(Records from a data source)
== Segment start ==
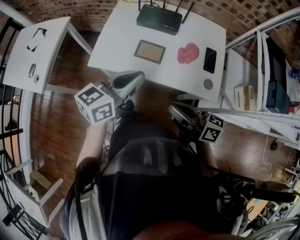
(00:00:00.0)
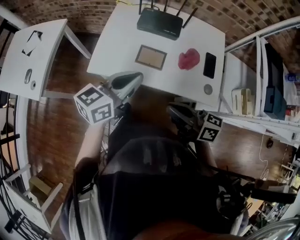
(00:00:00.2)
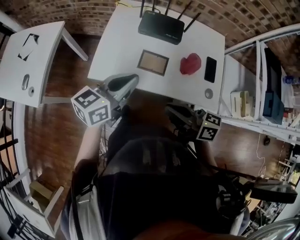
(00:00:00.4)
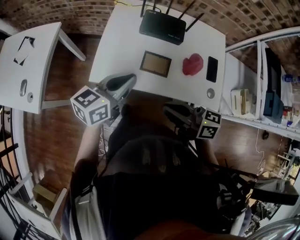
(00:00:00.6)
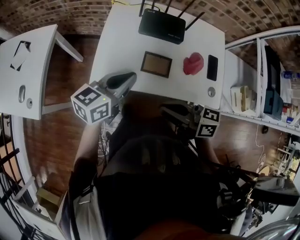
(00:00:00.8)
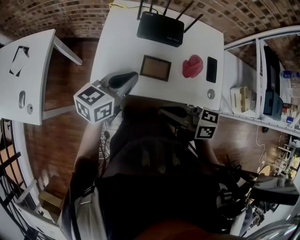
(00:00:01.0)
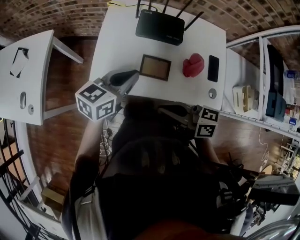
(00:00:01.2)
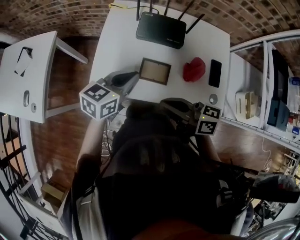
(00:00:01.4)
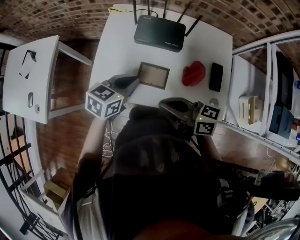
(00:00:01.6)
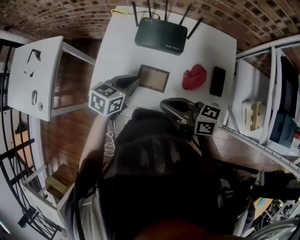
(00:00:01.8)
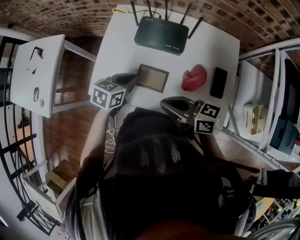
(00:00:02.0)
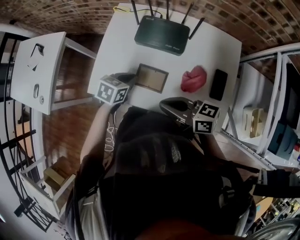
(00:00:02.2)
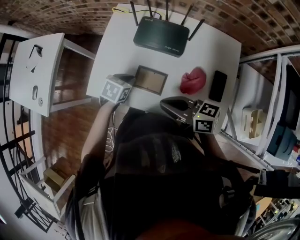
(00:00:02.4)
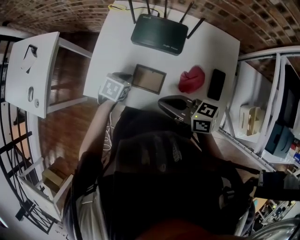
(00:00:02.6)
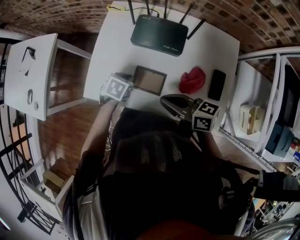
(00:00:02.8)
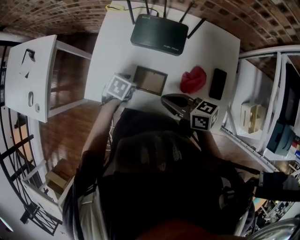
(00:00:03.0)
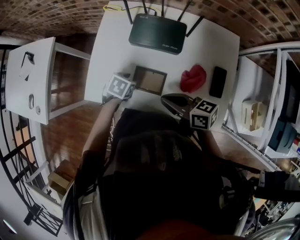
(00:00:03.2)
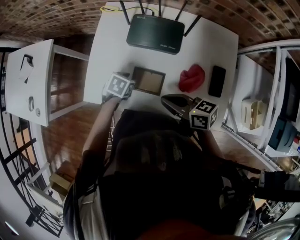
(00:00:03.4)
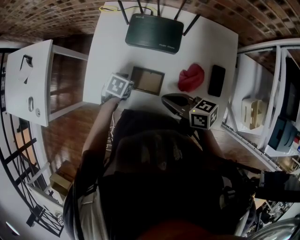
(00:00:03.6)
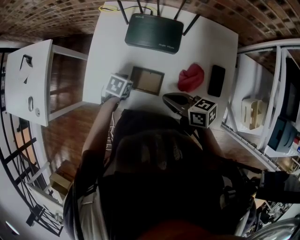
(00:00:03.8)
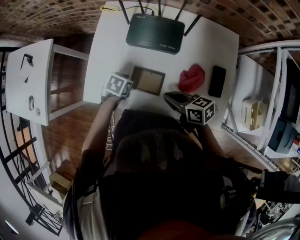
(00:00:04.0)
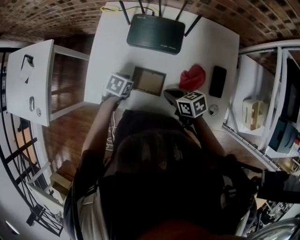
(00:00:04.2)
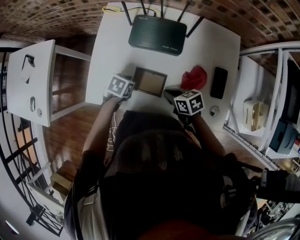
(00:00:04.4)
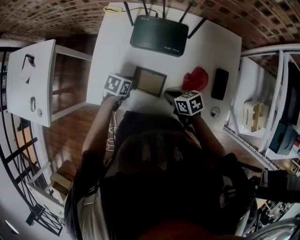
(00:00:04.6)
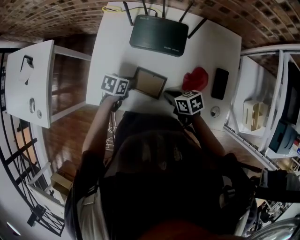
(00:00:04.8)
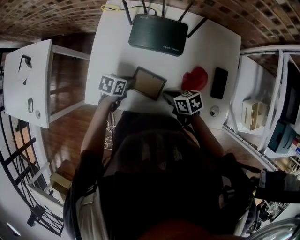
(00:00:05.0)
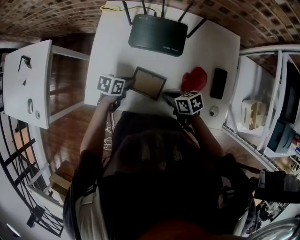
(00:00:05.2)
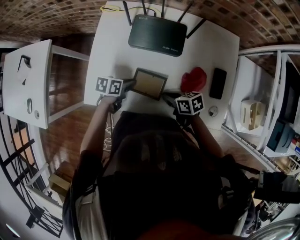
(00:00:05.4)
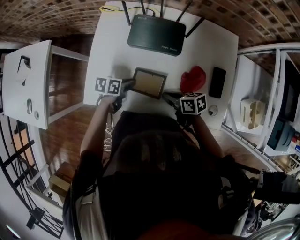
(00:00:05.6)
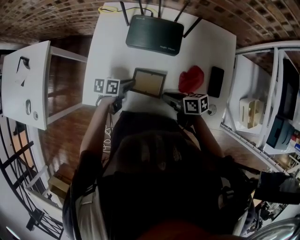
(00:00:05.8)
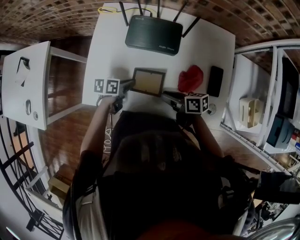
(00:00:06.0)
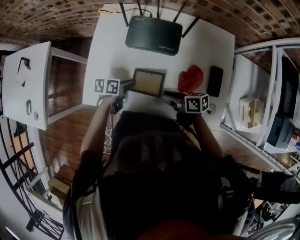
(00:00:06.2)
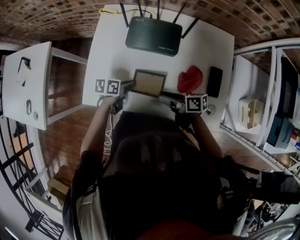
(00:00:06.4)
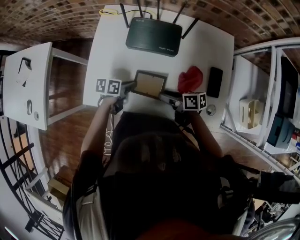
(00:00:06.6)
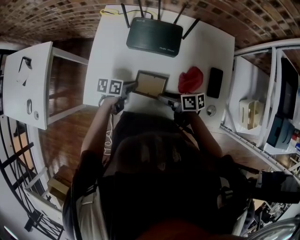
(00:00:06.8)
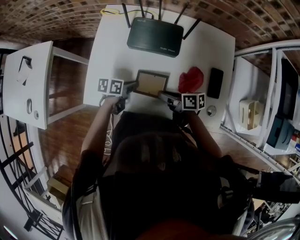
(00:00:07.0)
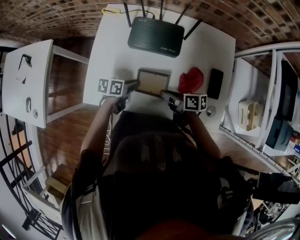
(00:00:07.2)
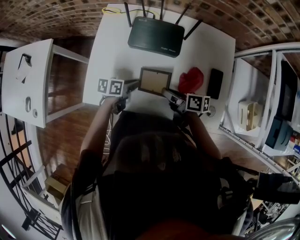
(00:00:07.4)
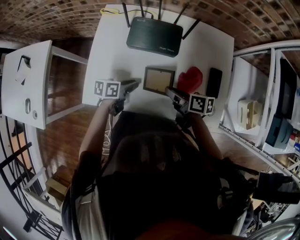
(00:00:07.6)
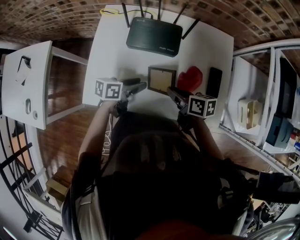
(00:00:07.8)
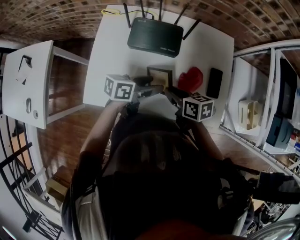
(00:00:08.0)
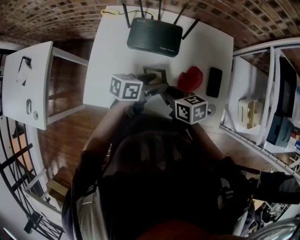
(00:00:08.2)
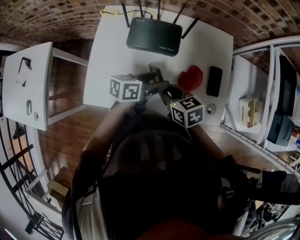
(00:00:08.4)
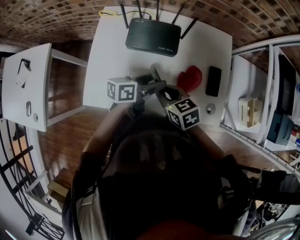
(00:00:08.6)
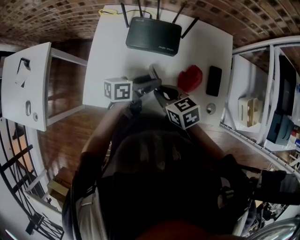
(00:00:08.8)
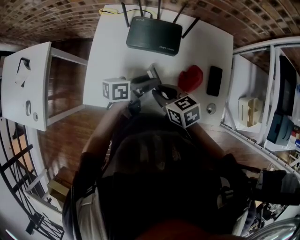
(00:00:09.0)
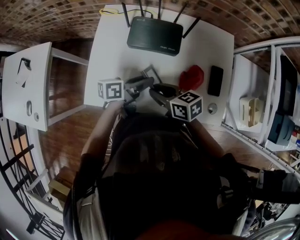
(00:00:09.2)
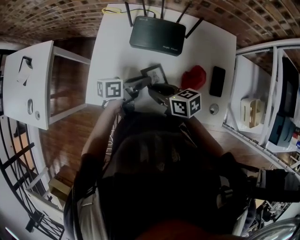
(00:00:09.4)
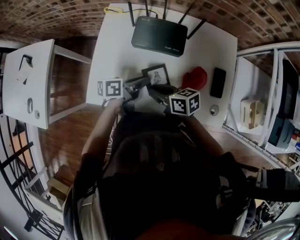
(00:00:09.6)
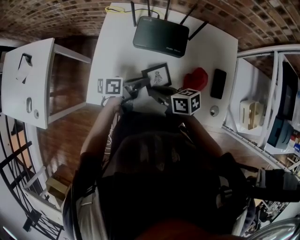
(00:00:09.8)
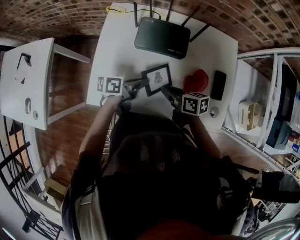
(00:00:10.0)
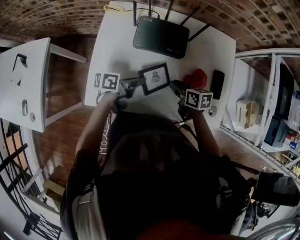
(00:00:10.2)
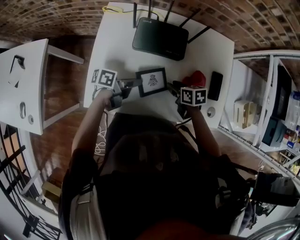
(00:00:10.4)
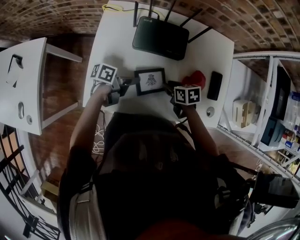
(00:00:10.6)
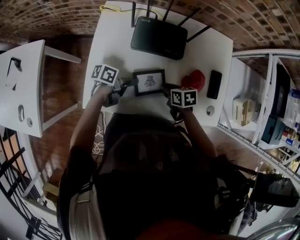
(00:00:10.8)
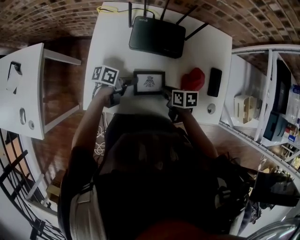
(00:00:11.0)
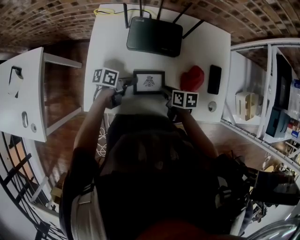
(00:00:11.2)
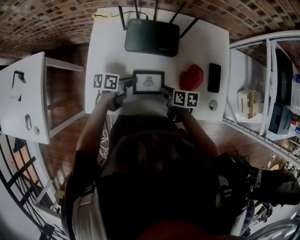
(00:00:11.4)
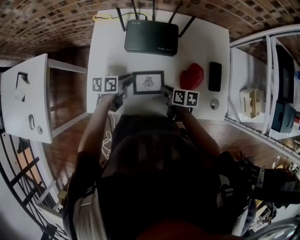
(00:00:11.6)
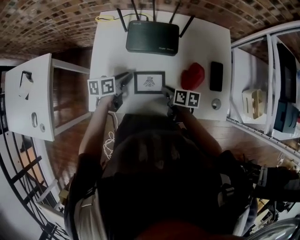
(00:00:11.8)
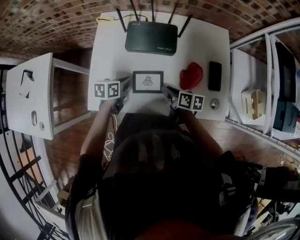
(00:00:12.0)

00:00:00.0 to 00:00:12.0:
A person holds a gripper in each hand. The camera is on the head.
00:00:00.0 to 00:00:01.6: The left gripper goes roughly 20 cm forward and downward, and changes its angle by approximately 30 degrees. The right gripper is displaced forward by some 15 cm.
00:00:01.6 to 00:00:03.0: The right gripper ends up some 10 cm from where it was, while the left gripper travels downward by some 15 cm, angles its fingers downward, by about 30 degrees, and opens up.
00:00:03.0 to 00:00:04.4: The right gripper is displaced downward by approximately 15 cm, and turns by approximately 30 degrees.
00:00:04.4 to 00:00:06.0: The left gripper changes its angle by roughly 30 degrees. The right gripper changes its angle by roughly 30 degrees, and opens up.
00:00:06.0 to 00:00:07.6: The right gripper opens, then closes again.
00:00:07.6 to 00:00:09.0: The left gripper travels upward and to the right by approximately 10 cm, and opens. The right gripper moves to the left, about 5 cm, and rotates some 40 degrees.
00:00:09.0 to 00:00:10.4: The right gripper travels downward by about 10 cm, and swivels roughly 20 degrees, while the left gripper ends up some 10 cm from where it was, turns by some 20 degrees, and closes up.
00:00:10.4 to 00:00:12.0: The right gripper rotates approximately 30 degrees. Meanwhile the left gripper rotates about 40 degrees.
== Segment end ==
■ PROBLEM
Every line above is to be written out unchanged, with the pictures omitted.

■ EXERCISE ANSWER
(00:00:00.0)
(00:00:00.2)
(00:00:00.4)
(00:00:00.6)
(00:00:00.8)
(00:00:01.0)
(00:00:01.2)
(00:00:01.4)
(00:00:01.6)
(00:00:01.8)
(00:00:02.0)
(00:00:02.2)
(00:00:02.4)
(00:00:02.6)
(00:00:02.8)
(00:00:03.0)
(00:00:03.2)
(00:00:03.4)
(00:00:03.6)
(00:00:03.8)
(00:00:04.0)
(00:00:04.2)
(00:00:04.4)
(00:00:04.6)
(00:00:04.8)
(00:00:05.0)
(00:00:05.2)
(00:00:05.4)
(00:00:05.6)
(00:00:05.8)
(00:00:06.0)
(00:00:06.2)
(00:00:06.4)
(00:00:06.6)
(00:00:06.8)
(00:00:07.0)
(00:00:07.2)
(00:00:07.4)
(00:00:07.6)
(00:00:07.8)
(00:00:08.0)
(00:00:08.2)
(00:00:08.4)
(00:00:08.6)
(00:00:08.8)
(00:00:09.0)
(00:00:09.2)
(00:00:09.4)
(00:00:09.6)
(00:00:09.8)
(00:00:10.0)
(00:00:10.2)
(00:00:10.4)
(00:00:10.6)
(00:00:10.8)
(00:00:11.0)
(00:00:11.2)
(00:00:11.4)
(00:00:11.6)
(00:00:11.8)
(00:00:12.0)

00:00:00.0 to 00:00:12.0:
A person holds a gripper in each hand. The camera is on the head.
00:00:00.0 to 00:00:01.6: The left gripper goes roughly 20 cm forward and downward, and changes its angle by approximately 30 degrees. The right gripper is displaced forward by some 15 cm.
00:00:01.6 to 00:00:03.0: The right gripper ends up some 10 cm from where it was, while the left gripper travels downward by some 15 cm, angles its fingers downward, by about 30 degrees, and opens up.
00:00:03.0 to 00:00:04.4: The right gripper is displaced downward by approximately 15 cm, and turns by approximately 30 degrees.
00:00:04.4 to 00:00:06.0: The left gripper changes its angle by roughly 30 degrees. The right gripper changes its angle by roughly 30 degrees, and opens up.
00:00:06.0 to 00:00:07.6: The right gripper opens, then closes again.
00:00:07.6 to 00:00:09.0: The left gripper travels upward and to the right by approximately 10 cm, and opens. The right gripper moves to the left, about 5 cm, and rotates some 40 degrees.
00:00:09.0 to 00:00:10.4: The right gripper travels downward by about 10 cm, and swivels roughly 20 degrees, while the left gripper ends up some 10 cm from where it was, turns by some 20 degrees, and closes up.
00:00:10.4 to 00:00:12.0: The right gripper rotates approximately 30 degrees. Meanwhile the left gripper rotates about 40 degrees.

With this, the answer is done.